§ Brief:
For every entry, output the exact wording.

§ Records for processing:
========================================================================
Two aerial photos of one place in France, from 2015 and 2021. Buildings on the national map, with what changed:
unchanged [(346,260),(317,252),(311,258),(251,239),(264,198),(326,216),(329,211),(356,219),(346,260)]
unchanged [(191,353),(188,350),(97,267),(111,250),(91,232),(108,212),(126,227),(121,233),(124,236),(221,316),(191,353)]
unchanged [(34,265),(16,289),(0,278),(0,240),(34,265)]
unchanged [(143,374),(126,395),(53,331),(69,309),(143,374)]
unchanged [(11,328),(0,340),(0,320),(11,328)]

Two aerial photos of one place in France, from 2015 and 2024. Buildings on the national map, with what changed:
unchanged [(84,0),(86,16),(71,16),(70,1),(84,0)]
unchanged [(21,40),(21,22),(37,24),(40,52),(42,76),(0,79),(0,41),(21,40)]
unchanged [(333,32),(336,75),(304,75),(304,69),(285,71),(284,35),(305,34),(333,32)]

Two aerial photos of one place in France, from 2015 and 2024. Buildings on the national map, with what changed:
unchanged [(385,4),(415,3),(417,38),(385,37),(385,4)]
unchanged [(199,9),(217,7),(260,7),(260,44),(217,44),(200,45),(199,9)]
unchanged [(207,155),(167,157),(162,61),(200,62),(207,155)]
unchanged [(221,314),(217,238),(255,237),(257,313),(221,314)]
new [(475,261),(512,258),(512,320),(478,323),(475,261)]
========================================================================
§ Response area:
Two aerial photos of one place in France, from 2015 and 2021. Buildings on the national map, with what changed:
unchanged [(346,260),(317,252),(311,258),(251,239),(264,198),(326,216),(329,211),(356,219),(346,260)]
unchanged [(191,353),(188,350),(97,267),(111,250),(91,232),(108,212),(126,227),(121,233),(124,236),(221,316),(191,353)]
unchanged [(34,265),(16,289),(0,278),(0,240),(34,265)]
unchanged [(143,374),(126,395),(53,331),(69,309),(143,374)]
unchanged [(11,328),(0,340),(0,320),(11,328)]

Two aerial photos of one place in France, from 2015 and 2024. Buildings on the national map, with what changed:
unchanged [(84,0),(86,16),(71,16),(70,1),(84,0)]
unchanged [(21,40),(21,22),(37,24),(40,52),(42,76),(0,79),(0,41),(21,40)]
unchanged [(333,32),(336,75),(304,75),(304,69),(285,71),(284,35),(305,34),(333,32)]

Two aerial photos of one place in France, from 2015 and 2024. Buildings on the national map, with what changed:
unchanged [(385,4),(415,3),(417,38),(385,37),(385,4)]
unchanged [(199,9),(217,7),(260,7),(260,44),(217,44),(200,45),(199,9)]
unchanged [(207,155),(167,157),(162,61),(200,62),(207,155)]
unchanged [(221,314),(217,238),(255,237),(257,313),(221,314)]
new [(475,261),(512,258),(512,320),(478,323),(475,261)]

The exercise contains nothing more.